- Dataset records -
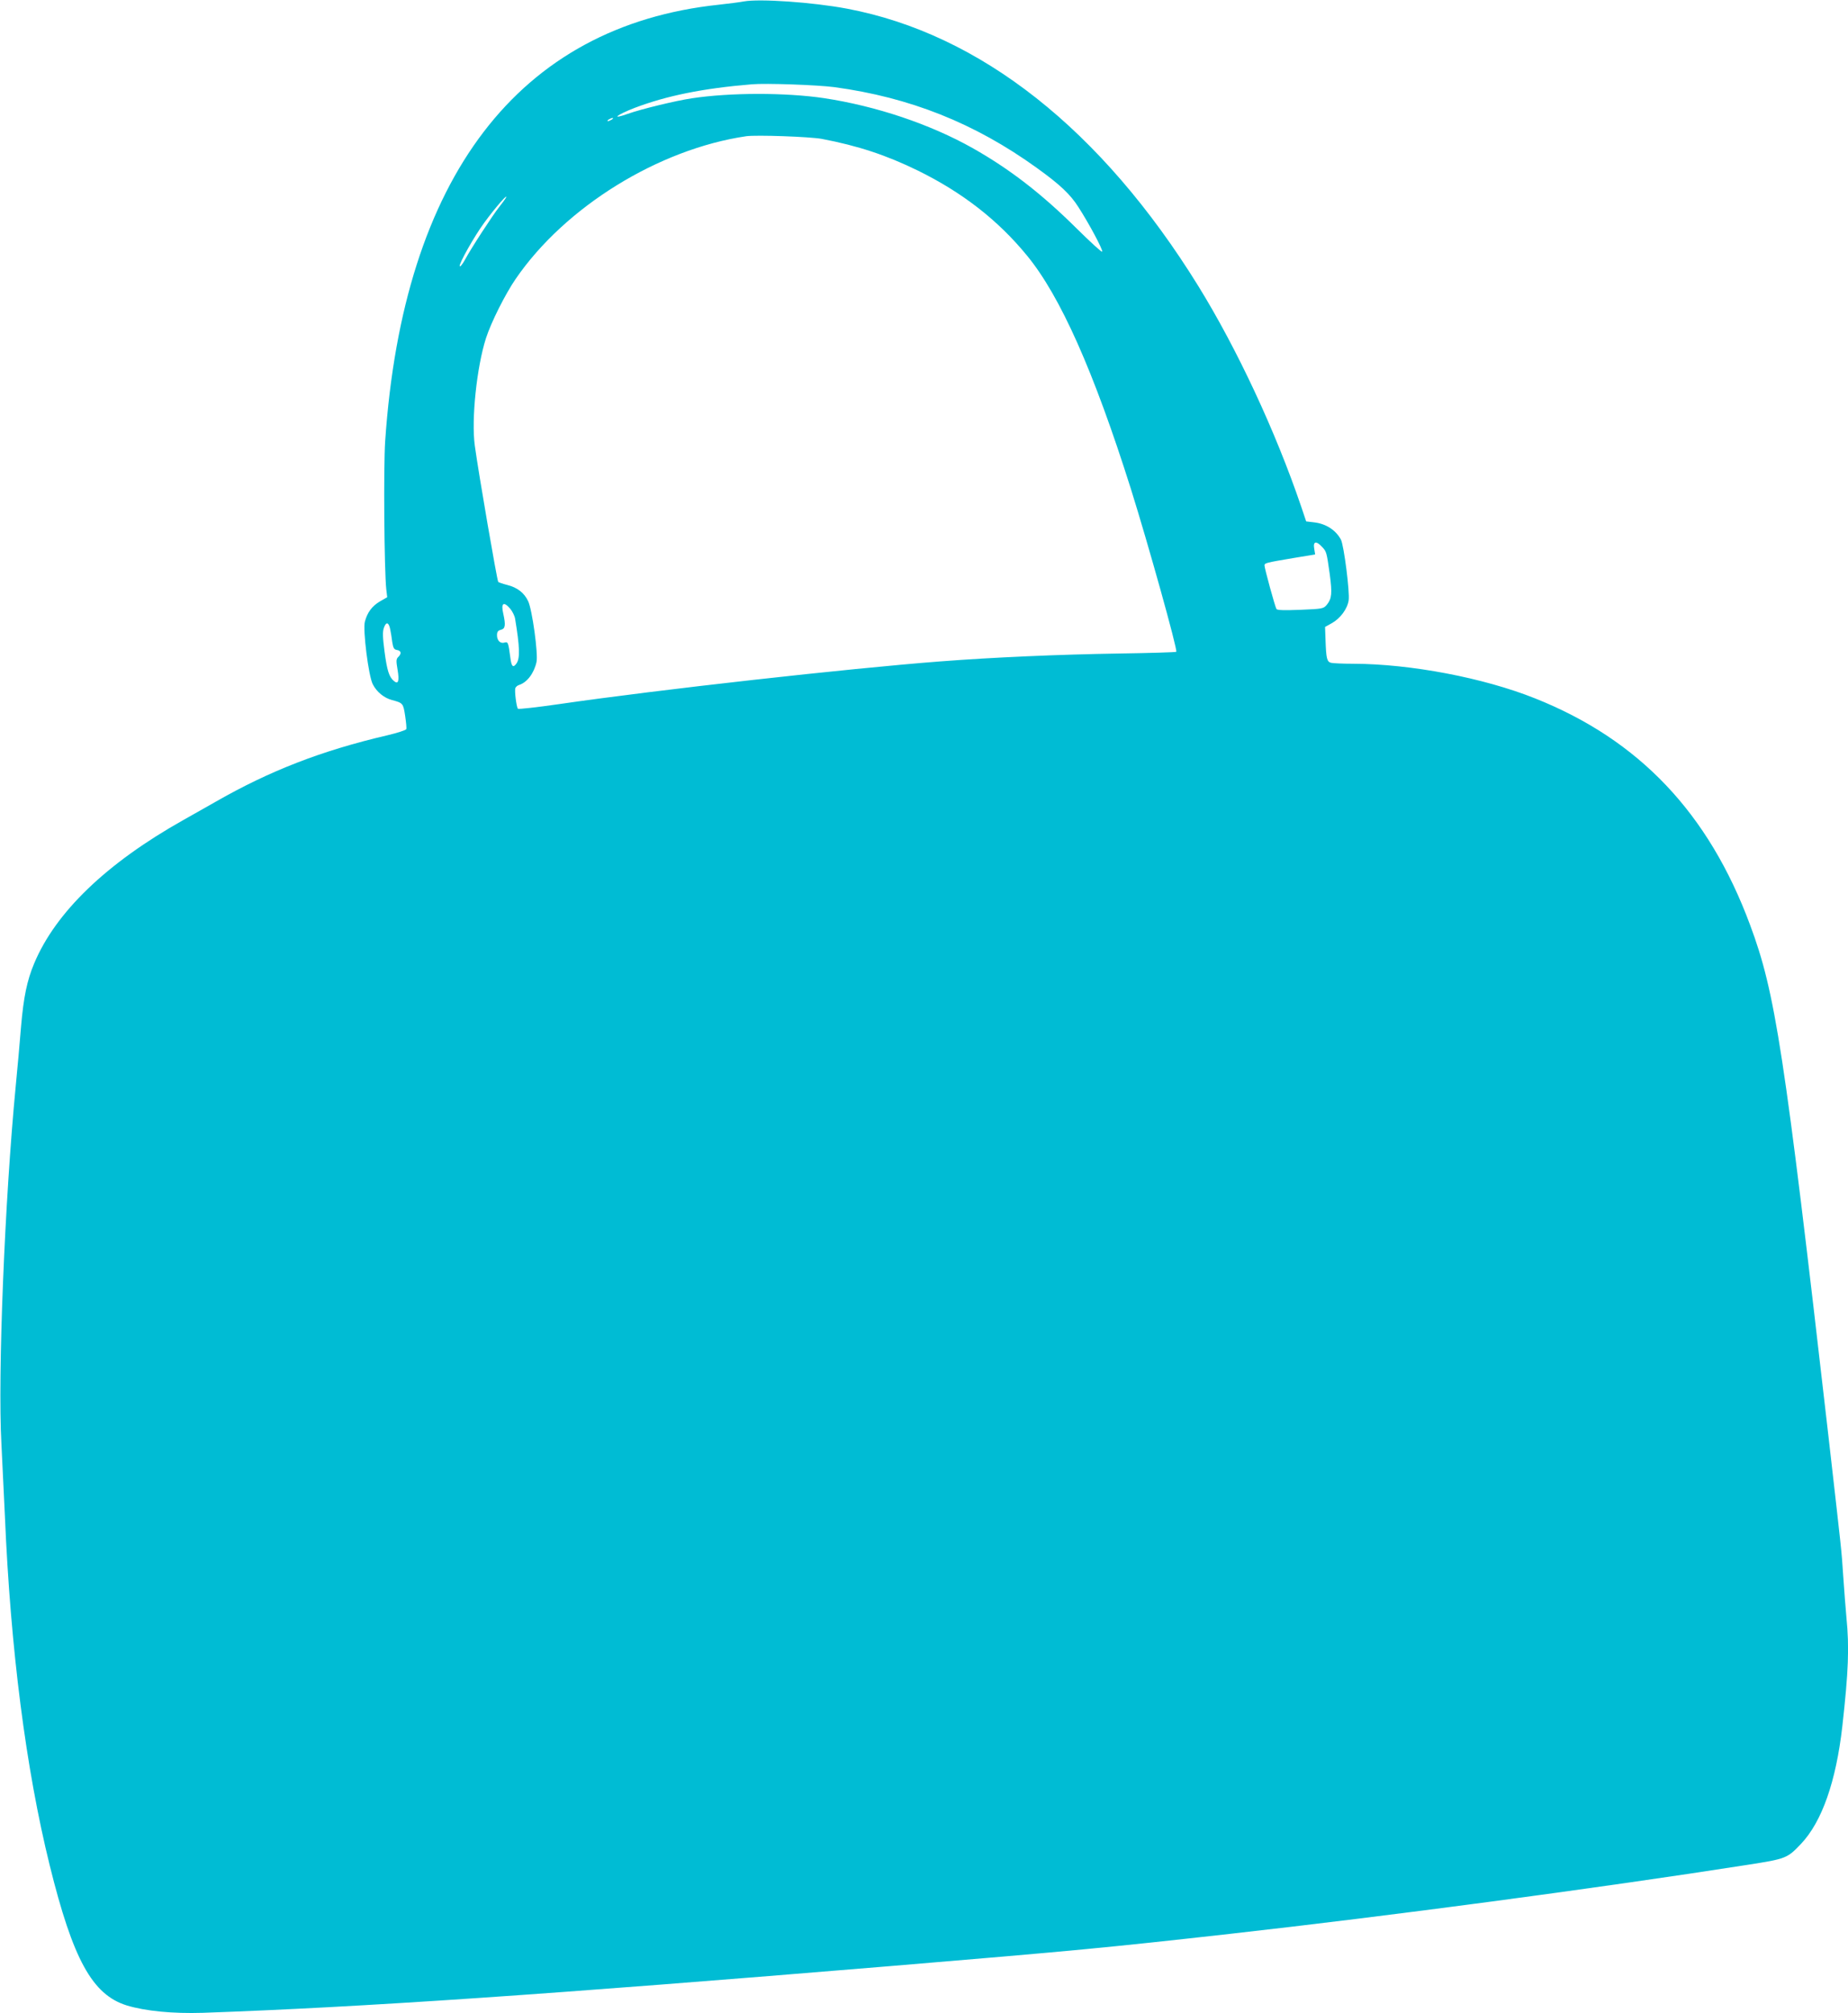 <?xml version="1.0" standalone="no"?>
<!DOCTYPE svg PUBLIC "-//W3C//DTD SVG 20010904//EN"
 "http://www.w3.org/TR/2001/REC-SVG-20010904/DTD/svg10.dtd">
<svg version="1.0" xmlns="http://www.w3.org/2000/svg"
 width="1175pt" height="1280pt" viewBox="0 0 1175 1280"
 preserveAspectRatio="xMidYMid meet">
<g transform="translate(0,1280) scale(0.1,-0.1)"
fill="#00bcd4" stroke="none">
<path d="M4730 12791 c-25 -5 -97 -14 -160 -21 -1272 -135 -2007 -1096 -2121
-2775 -11 -163 -6 -820 7 -941 l6 -51 -47 -27 c-50 -30 -79 -69 -95 -128 -14
-51 23 -345 50 -398 25 -49 71 -87 123 -101 69 -18 71 -21 83 -100 6 -41 10
-79 7 -85 -2 -6 -57 -24 -121 -39 -420 -98 -748 -226 -1092 -423 -47 -27 -139
-79 -205 -116 -488 -274 -812 -586 -948 -912 -45 -107 -67 -213 -83 -399 -8
-99 -23 -270 -34 -380 -70 -727 -115 -1836 -91 -2274 6 -119 16 -324 22 -456
36 -852 134 -1613 285 -2224 148 -599 271 -823 490 -891 119 -36 292 -53 484
-47 1016 36 2189 116 4370 297 1175 98 1375 117 2160 205 1010 113 2346 291
3292 439 243 38 252 41 339 133 133 140 223 396 263 748 39 348 45 502 26 692
-5 54 -14 170 -20 258 -12 181 -8 135 -95 900 -281 2450 -337 2814 -497 3243
-264 713 -707 1179 -1368 1442 -328 131 -791 219 -1155 220 -66 0 -130 3 -142
6 -26 7 -31 27 -35 144 l-3 84 43 24 c54 30 99 91 107 145 8 52 -30 349 -49
386 -32 60 -94 101 -170 110 l-51 6 -32 95 c-163 479 -407 1001 -653 1400
-616 996 -1387 1605 -2235 1765 -218 41 -555 64 -655 46z m575 -545 c480 -65
893 -229 1288 -514 146 -105 212 -167 264 -249 67 -104 156 -270 151 -283 -2
-6 -75 61 -163 148 -224 222 -425 377 -660 510 -272 153 -615 268 -946 318
-242 36 -596 36 -840 -1 -101 -15 -321 -68 -408 -99 -110 -39 -72 -7 44 38
203 77 432 124 745 150 89 8 417 -4 525 -18z m-1415 -206 c-8 -5 -19 -10 -25
-10 -5 0 -3 5 5 10 8 5 20 10 25 10 6 0 3 -5 -5 -10z m1335 -123 c231 -44 409
-103 610 -201 283 -139 510 -315 695 -541 212 -258 424 -735 660 -1482 110
-350 299 -1027 289 -1037 -3 -3 -169 -8 -369 -11 -377 -6 -793 -24 -1131 -50
-585 -45 -1787 -179 -2427 -272 -139 -20 -255 -33 -259 -29 -9 9 -23 116 -16
132 3 7 13 16 23 19 51 16 95 74 111 145 12 50 -27 334 -53 388 -25 53 -69 87
-133 103 -28 7 -53 16 -57 19 -7 5 -125 690 -149 866 -23 166 12 500 71 684
33 102 123 281 189 377 314 458 908 825 1466 907 65 9 403 -3 480 -17z m-2011
-379 c-4 -7 -22 -31 -40 -54 -40 -50 -179 -263 -218 -336 -16 -29 -31 -47 -33
-40 -6 15 94 192 156 276 72 99 162 201 135 154z m5192 -2215 c29 -31 29 -34
49 -175 16 -120 13 -153 -18 -192 -22 -26 -25 -27 -168 -33 -103 -4 -148 -3
-153 5 -9 14 -76 259 -76 277 0 15 5 17 183 47 l139 23 -6 37 c-8 47 13 51 50
11z m-5162 -393 c14 -17 28 -45 31 -63 30 -181 32 -252 9 -285 -21 -30 -32
-21 -39 36 -13 97 -15 103 -36 97 -27 -9 -49 12 -49 46 0 22 6 30 25 35 28 7
31 29 15 102 -16 68 2 81 44 32z m-763 -131 c4 -19 10 -55 13 -81 6 -37 11
-47 28 -50 28 -4 33 -22 12 -43 -16 -15 -16 -25 -6 -84 12 -71 4 -94 -23 -71
-31 25 -44 67 -60 187 -12 92 -13 127 -4 152 14 40 31 36 40 -10z"/>
</g>
</svg>

- Task requirements -
Every line from the first line of the entries above through the line with "36 -852 134" must be repeated exactly, and pictures must not be.

- Exercise result -
 <?xml version="1.0" standalone="no"?>
<!DOCTYPE svg PUBLIC "-//W3C//DTD SVG 20010904//EN"
 "http://www.w3.org/TR/2001/REC-SVG-20010904/DTD/svg10.dtd">
<svg version="1.0" xmlns="http://www.w3.org/2000/svg"
 width="1175pt" height="1280pt" viewBox="0 0 1175 1280"
 preserveAspectRatio="xMidYMid meet">
<g transform="translate(0,1280) scale(0.1,-0.1)"
fill="#00bcd4" stroke="none">
<path d="M4730 12791 c-25 -5 -97 -14 -160 -21 -1272 -135 -2007 -1096 -2121
-2775 -11 -163 -6 -820 7 -941 l6 -51 -47 -27 c-50 -30 -79 -69 -95 -128 -14
-51 23 -345 50 -398 25 -49 71 -87 123 -101 69 -18 71 -21 83 -100 6 -41 10
-79 7 -85 -2 -6 -57 -24 -121 -39 -420 -98 -748 -226 -1092 -423 -47 -27 -139
-79 -205 -116 -488 -274 -812 -586 -948 -912 -45 -107 -67 -213 -83 -399 -8
-99 -23 -270 -34 -380 -70 -727 -115 -1836 -91 -2274 6 -119 16 -324 22 -456
36 -852 134 -1613 285 -2224 148 -599 271 -823 490 -891 119 -36 292 -53 484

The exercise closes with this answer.